Les médecins résidents, qui réclament des quarts de travail plus courts, ne sont pas au bout de leurs peines. Le Centre universitaire de santé McGill (CUSM) conteste en Cour supérieure la décision d'un arbitre qui le force à faire passer leurs périodes de garde de 24 à 16 heures d'ici six mois.
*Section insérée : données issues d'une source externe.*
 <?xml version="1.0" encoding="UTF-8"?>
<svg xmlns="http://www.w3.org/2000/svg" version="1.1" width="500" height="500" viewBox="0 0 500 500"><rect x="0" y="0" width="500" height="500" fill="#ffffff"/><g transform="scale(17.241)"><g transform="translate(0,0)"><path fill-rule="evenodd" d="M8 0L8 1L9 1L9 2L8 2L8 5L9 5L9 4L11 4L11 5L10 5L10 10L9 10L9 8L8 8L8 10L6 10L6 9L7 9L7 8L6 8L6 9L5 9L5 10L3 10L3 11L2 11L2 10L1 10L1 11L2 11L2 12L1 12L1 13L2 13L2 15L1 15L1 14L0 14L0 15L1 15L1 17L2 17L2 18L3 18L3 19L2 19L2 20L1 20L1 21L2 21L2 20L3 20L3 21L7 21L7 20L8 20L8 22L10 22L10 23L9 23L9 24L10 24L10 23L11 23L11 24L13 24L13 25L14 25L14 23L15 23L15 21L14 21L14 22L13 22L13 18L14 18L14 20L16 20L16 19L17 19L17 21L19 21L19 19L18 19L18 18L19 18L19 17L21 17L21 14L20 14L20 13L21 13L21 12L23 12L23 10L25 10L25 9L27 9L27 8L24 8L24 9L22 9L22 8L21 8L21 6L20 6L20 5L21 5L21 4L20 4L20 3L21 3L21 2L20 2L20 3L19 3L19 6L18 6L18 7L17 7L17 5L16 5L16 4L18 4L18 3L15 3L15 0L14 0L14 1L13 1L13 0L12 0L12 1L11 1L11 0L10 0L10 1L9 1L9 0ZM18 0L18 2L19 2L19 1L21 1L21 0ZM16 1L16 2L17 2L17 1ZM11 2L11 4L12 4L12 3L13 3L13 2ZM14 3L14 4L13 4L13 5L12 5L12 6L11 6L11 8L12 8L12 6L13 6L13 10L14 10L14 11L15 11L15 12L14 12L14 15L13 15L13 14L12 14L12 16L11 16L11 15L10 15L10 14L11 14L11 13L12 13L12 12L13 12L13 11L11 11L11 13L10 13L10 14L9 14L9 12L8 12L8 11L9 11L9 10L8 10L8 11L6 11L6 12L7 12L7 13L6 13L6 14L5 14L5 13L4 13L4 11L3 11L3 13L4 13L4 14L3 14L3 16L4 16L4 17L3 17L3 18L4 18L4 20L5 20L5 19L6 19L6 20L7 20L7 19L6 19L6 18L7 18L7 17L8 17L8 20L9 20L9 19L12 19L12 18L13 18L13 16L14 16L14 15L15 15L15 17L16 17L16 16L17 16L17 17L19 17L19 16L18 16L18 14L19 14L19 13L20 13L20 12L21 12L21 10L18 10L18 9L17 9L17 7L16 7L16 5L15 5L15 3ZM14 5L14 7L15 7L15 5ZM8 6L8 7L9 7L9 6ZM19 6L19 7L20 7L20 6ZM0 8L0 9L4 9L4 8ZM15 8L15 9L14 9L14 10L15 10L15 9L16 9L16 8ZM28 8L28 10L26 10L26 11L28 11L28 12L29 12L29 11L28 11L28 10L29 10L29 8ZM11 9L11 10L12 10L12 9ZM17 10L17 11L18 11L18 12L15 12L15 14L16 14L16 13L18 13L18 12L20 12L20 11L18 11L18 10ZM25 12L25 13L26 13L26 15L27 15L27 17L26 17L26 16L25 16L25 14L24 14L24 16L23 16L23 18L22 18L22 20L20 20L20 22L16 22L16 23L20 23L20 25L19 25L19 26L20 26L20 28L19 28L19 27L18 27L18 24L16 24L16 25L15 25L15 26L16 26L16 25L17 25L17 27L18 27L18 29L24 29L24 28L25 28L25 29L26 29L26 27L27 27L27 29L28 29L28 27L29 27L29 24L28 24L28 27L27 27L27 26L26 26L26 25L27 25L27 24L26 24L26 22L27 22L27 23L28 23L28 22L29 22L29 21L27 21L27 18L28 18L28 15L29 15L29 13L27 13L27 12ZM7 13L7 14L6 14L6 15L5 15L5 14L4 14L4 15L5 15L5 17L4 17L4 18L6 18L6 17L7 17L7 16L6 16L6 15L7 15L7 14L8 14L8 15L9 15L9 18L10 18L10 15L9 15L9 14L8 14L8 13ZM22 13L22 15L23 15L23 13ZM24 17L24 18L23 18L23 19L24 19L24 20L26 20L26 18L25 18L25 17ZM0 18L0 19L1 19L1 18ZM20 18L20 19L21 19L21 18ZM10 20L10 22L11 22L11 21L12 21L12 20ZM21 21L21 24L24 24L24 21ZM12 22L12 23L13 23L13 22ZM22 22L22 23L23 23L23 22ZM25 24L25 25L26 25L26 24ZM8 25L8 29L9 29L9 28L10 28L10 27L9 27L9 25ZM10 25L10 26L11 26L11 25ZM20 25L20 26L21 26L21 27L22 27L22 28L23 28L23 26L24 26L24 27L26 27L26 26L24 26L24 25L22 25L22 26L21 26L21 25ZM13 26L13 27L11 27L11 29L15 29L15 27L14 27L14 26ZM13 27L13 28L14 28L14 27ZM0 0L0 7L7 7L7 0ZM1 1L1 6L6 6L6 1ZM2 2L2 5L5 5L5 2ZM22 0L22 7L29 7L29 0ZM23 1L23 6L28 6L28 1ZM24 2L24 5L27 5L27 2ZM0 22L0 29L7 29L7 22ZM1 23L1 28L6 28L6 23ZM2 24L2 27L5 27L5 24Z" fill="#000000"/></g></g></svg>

Le CUSM, qui chapeaute 14 hôpitaux où travaillent plus de 1000 résidents, dit avoir déposé une requête en révision judiciaire pour retarder l'entrée en vigueur des gardes écourtées. «Le prolongement du délai ferait en sorte que ce changement important pourrait entrer en vigueur au début de l'année universitaire plutôt qu'en milieu de trimestre, ce qui faciliterait la transition», explique le Dr Meterissian, vice-doyen de l'enseignement médical des deuxième et troisième cycles.

Mais, dans sa requête, le CUSM va beaucoup plus loin et demande à la Cour supérieure de déclarer illégale la décision de l'arbitre Jean-Pierre Lussier, qui estime que l'obligation de travailler 24 heures d'affilée contrevient à la Charte des droits et libertés.

Le CUSM estime que l'arbitre n'avait pas le pouvoir de rendre une telle décision. L'institution déplore qu'il n'ait pas exigé que les médecins résidents démontrent que les quarts de 24 heures compromettent leur sécurité et celle de leurs patients. La requête précise qu'un tel changement aurait des «conséquences drastiques et très sérieuses» sur la qualité des soins puisqu'il entraînerait davantage de transferts de dossiers de patients et de risques d'erreur.

La durée des quarts de travail est, avec la rémunération, l'un des enjeux centraux des pourparlers autour du renouvellement de la convention collective des résidents. Ceux-ci ont d'ailleurs suspendu leurs activités d'enseignement depuis une semaine et menacent de débrayer pour tenter d'accélérer les négociations avec le gouvernement.

La Fédération des médecins résidents du Québec s'explique mal le geste du CUSM puisqu'une première tentative d'empêcher l'arbitre de trancher avait échoué. «Depuis le début, les établissements sont réfractaires au changement; on dirait qu'ils persistent dans leur résistance», s'indigne le président de la Fédération, le Dr Charles Dussault.

La contestation du CUSM a même surpris le ministère de la Santé, qui dit avoir informé le CUSM de son intention d'accepter la décision de l'arbitre. Le gouvernement compte même réduire les périodes de garde des résidents de tous les hôpitaux québécois dans le cadre des présentes négociations. «Nous visons 16 heures», confirme Marie-Ève Bédard, porte-parole du ministre Yves Bolduc.

Le Ministère est d'autant plus surpris que des comités sont déjà en place pour planifier la transition. Selon Mme Bédard, quelques hôpitaux offrent déjà sans problème des quarts de garde de 16 heures. «On sait que c'est faisable. En somme, ça ne donne pas moins d'heures de garde, mais il faut les réorganiser», dit-elle.

Contrairement aux médecins qui sont payés à l'acte, les résidents reçoivent un salaire fixe. Attachés à un hôpital, ils sont tenus de s'y trouver durant leurs quarts de garde. En théorie, ils devraient avoir droit à des périodes de repos, mais ils peuvent rarement s'en prévaloir en raison de la surcharge de travail. Un régime épuisant, dénonce leur Fédération.